Trípoli - Foi por querer entender o sofrimento das pessoas, de ouvi-las e ajudá-las a, ao menos, amenizar este sofrimento. Meu pai, já com mais idade, cursou administração na FIB e me levou ao laboratório de anatomia de lá, onde havia cadáveres (conservados em formol). E lá fiquei um dia inteiro. Com 17 anos, entrei na faculdade de medicina. Quando me formei, trabalhei em alguns postos de saúde da região e, logo na sequência, ingressei na especialização em cirurgia cardíaca, na Unesp de Botucatu, que concluí em fevereiro de 2020.

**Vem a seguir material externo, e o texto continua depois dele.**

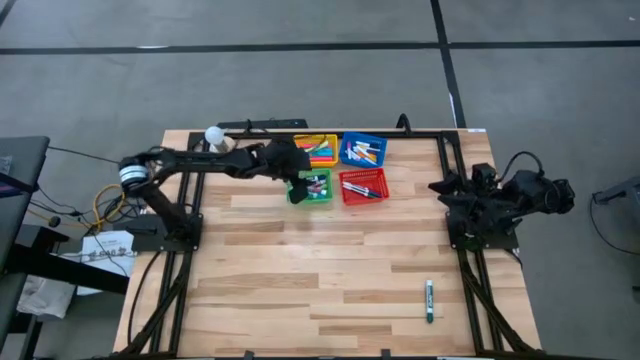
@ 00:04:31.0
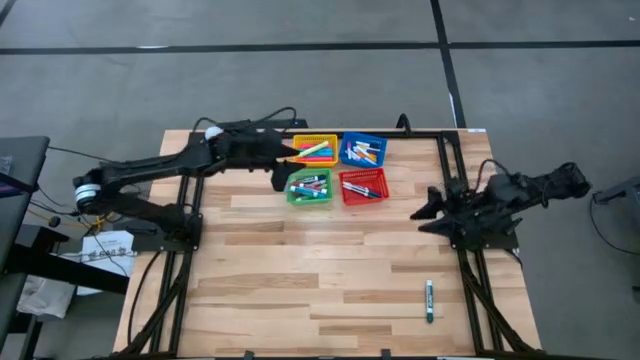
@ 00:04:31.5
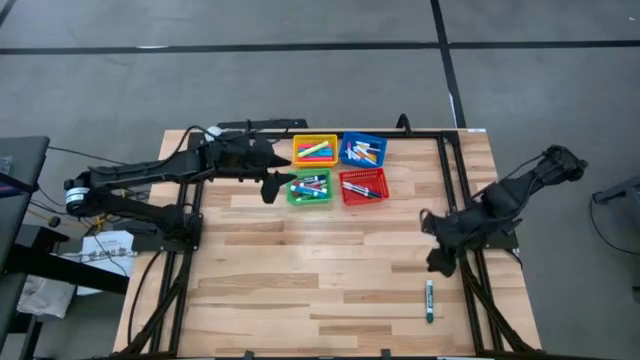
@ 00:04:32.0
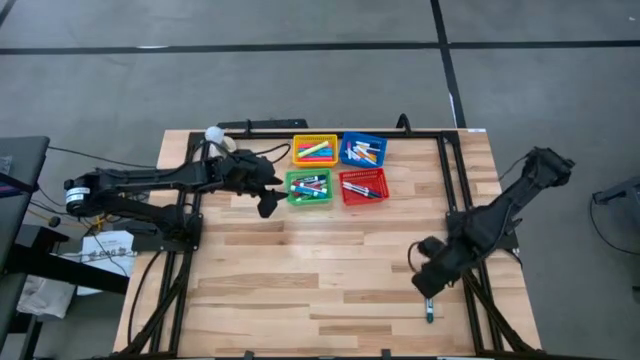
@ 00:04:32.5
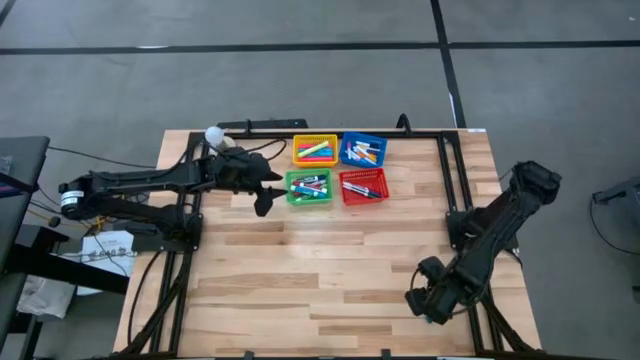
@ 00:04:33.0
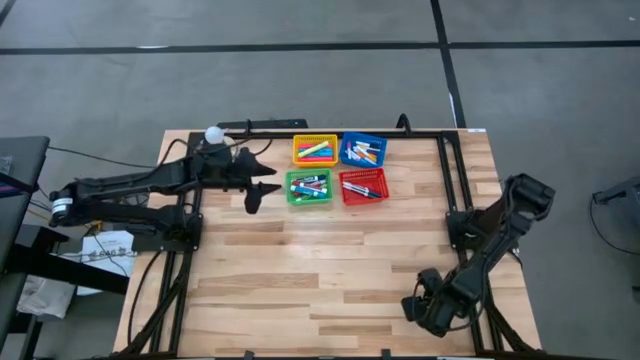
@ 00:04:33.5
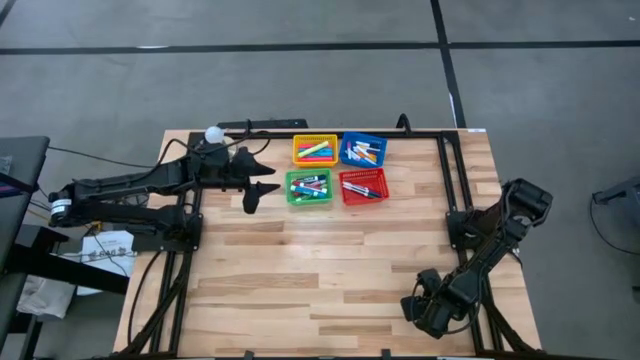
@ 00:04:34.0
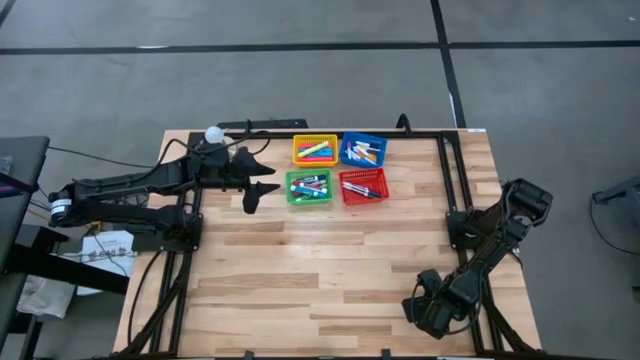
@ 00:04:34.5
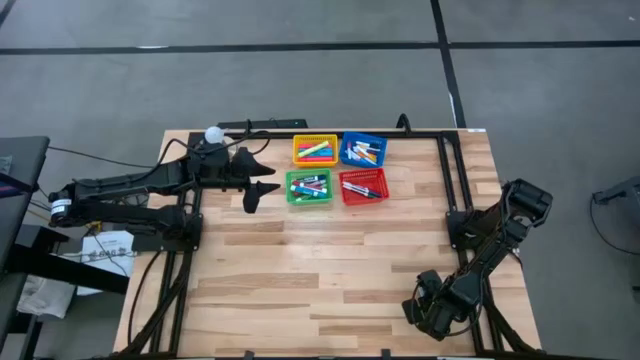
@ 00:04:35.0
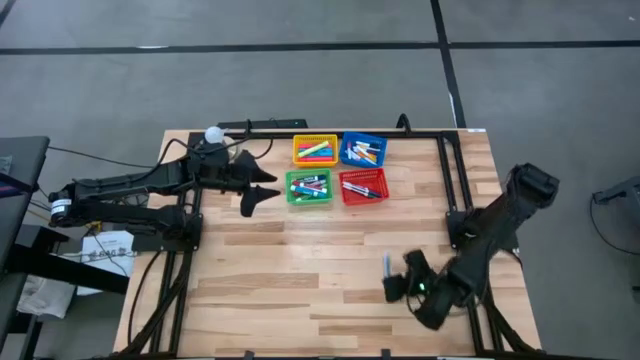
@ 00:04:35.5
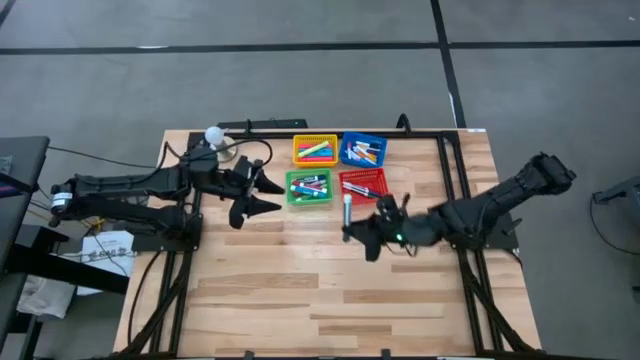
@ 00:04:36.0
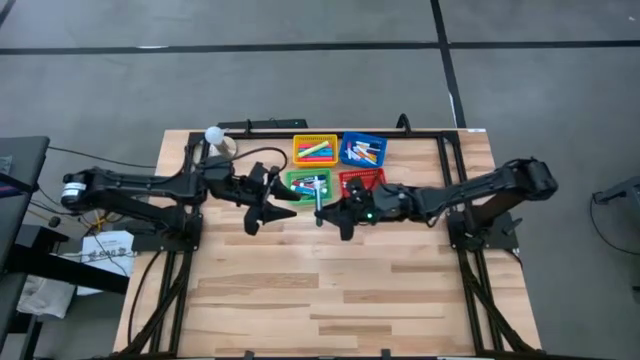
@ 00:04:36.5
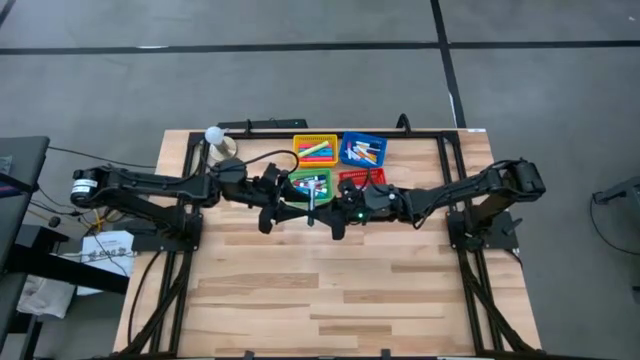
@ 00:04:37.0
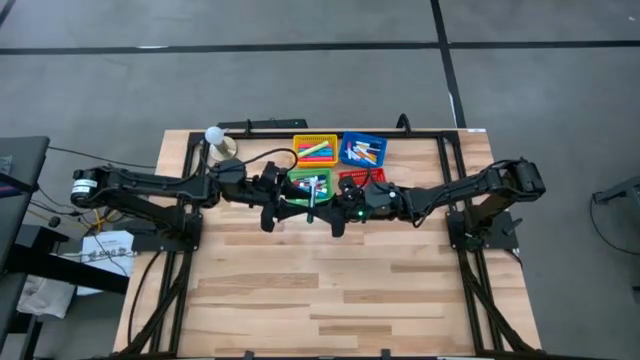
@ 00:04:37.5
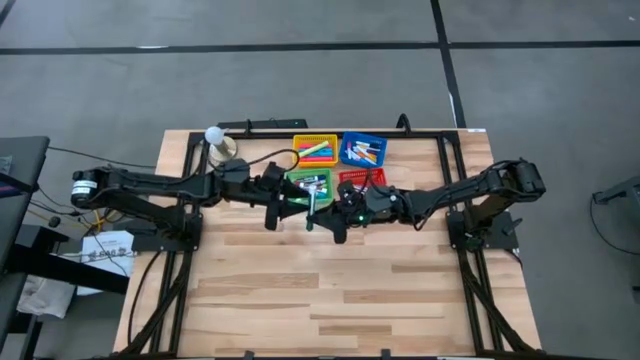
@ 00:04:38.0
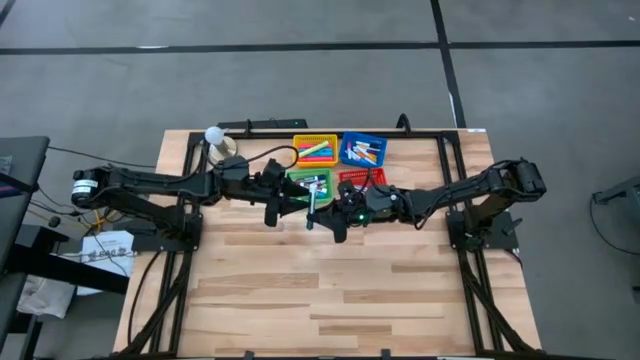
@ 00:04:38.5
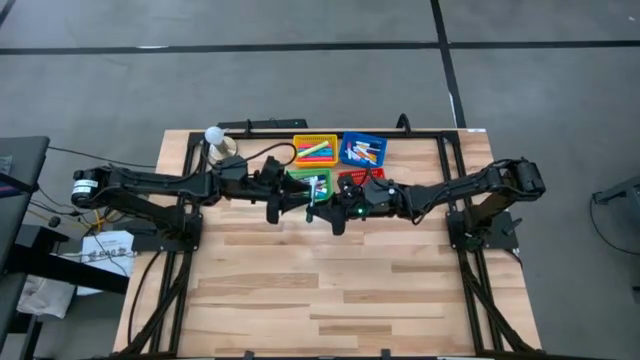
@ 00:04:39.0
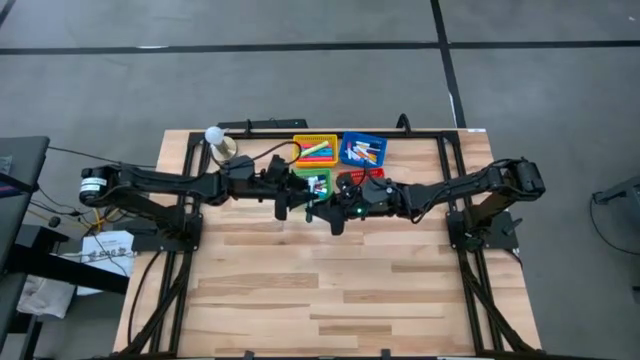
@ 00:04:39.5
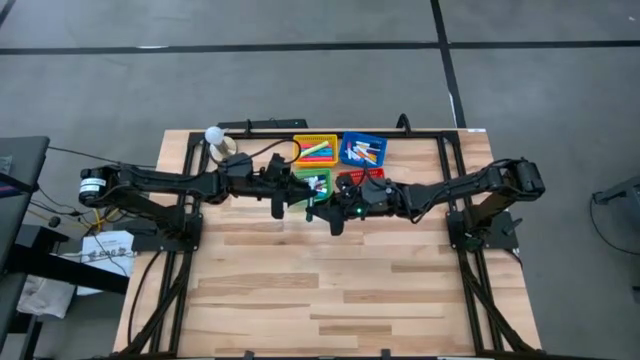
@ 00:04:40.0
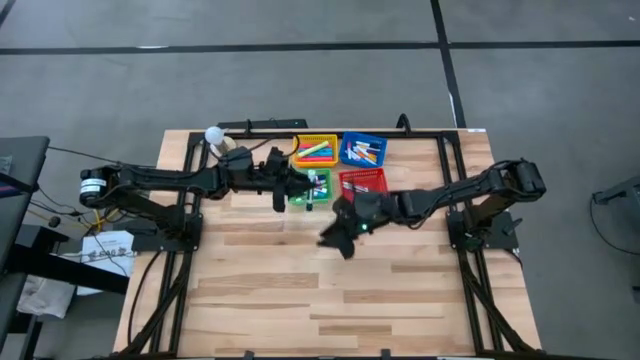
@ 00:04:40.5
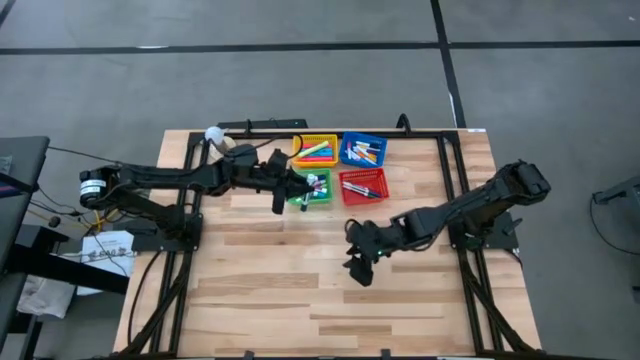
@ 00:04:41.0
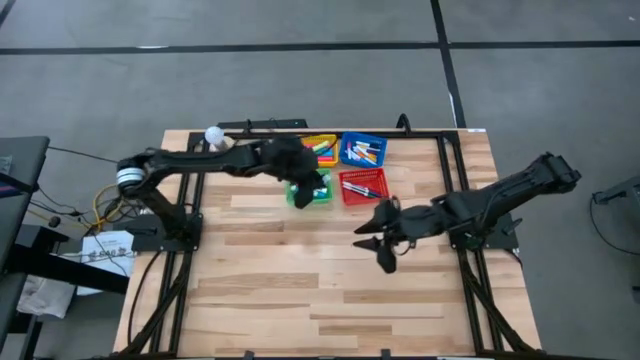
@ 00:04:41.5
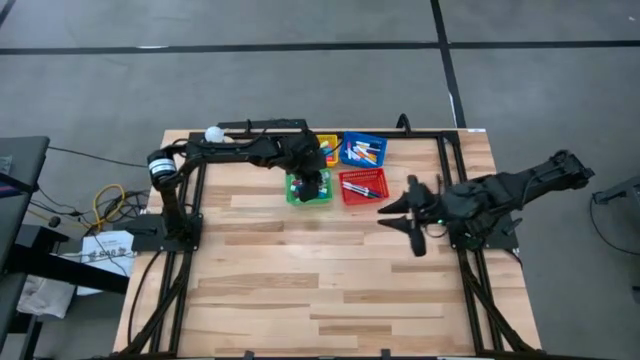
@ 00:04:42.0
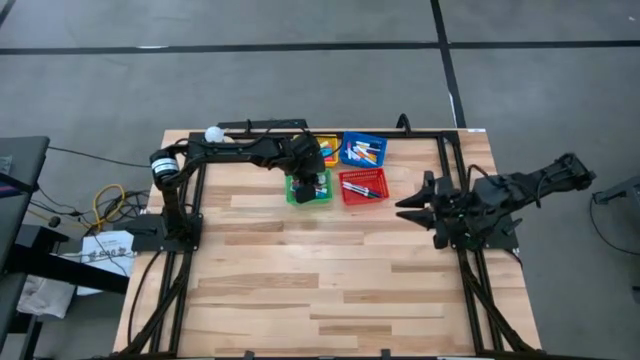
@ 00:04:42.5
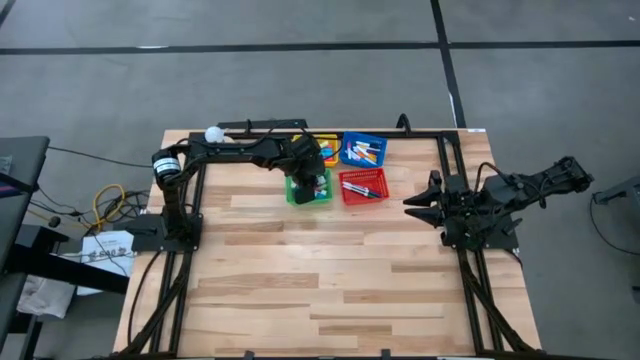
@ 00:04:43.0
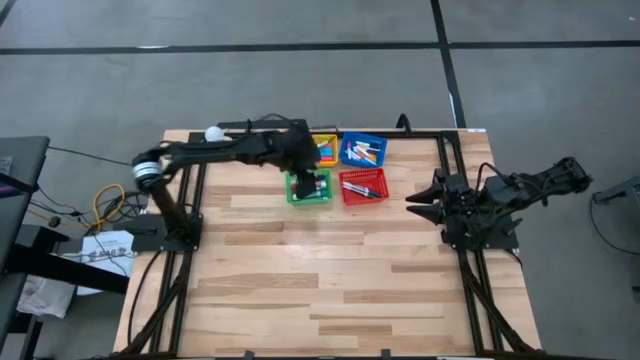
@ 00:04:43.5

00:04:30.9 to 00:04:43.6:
Task: Pick & Place Markers
Put the dark green dry erase marker into the green bin

JC - E logo em seguida já foi escolhido para ser diretor do Samu? Como isso ocorreu?

Trípoli - Prestei concurso da prefeitura e entrei em 2014, ainda fazendo especialização. Passei a trabalhar no Samu aos fins de semana. Sempre tive um comportamento mais humanizado. Entendo que o médico, para ser completo, precisa acolher e escutar o paciente, ter empatia. E acabei sendo convidado para assumir a diretoria, em março de 2020. Ao mesmo tempo, passei a trabalhar na Unesp de Botucatu, fazendo cirurgias e transplantes cardíacos.

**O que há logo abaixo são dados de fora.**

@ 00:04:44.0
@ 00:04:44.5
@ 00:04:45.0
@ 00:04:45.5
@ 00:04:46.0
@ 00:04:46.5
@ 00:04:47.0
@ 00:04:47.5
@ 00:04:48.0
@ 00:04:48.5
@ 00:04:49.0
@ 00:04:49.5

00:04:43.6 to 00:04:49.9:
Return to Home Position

JC - Atuar na saúde pública foi uma decisão desde a graduação? Já pensou em desistir, considerando questões como estresse e falta de equipamentos, insumos e pessoal?

Trípoli - Optei por trabalhar no SUS porque é onde há maior carência e demanda na área de saúde. Em vez de cobrar por consultas, às vezes de pacientes que nem têm condições financeiras, prefiro receber de uma instituição, como a prefeitura, o HC. É minha essência, é a forma como fui criado pelos meus pais e avós. Entendo que preciso usar meu conhecimento em prol do próximo. E a opção por cirurgia cardíaca deve-se ao fato de que as doenças do coração são as que mais matam no mundo. Quero dar qualidade de vida para estes pacientes, que, muitas vezes, não têm orientação sobre como tratar hipertensão, diabetes.

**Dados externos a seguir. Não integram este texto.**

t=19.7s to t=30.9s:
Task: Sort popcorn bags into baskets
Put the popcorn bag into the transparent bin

JC - O HC realizou seu primeiro transplante de coração em 2019. Chegou a participar destas primeiras cirurgias?

Trípoli - Estava fazendo residência e acompanhei muitos transplantes e captações de coração. E até hoje continuo no HC. Durante as cirurgias, consigo esquecer de todos os problemas ao redor. Apesar de ser um momento tenso e delicado, é um prazer muito grande. Já o trabalho como diretor do Samu me exige mais, por ter de lidar com quase 130 funcionários, preenchimento de escalas, quebra de ambulâncias. É bastante coisa para dar conta.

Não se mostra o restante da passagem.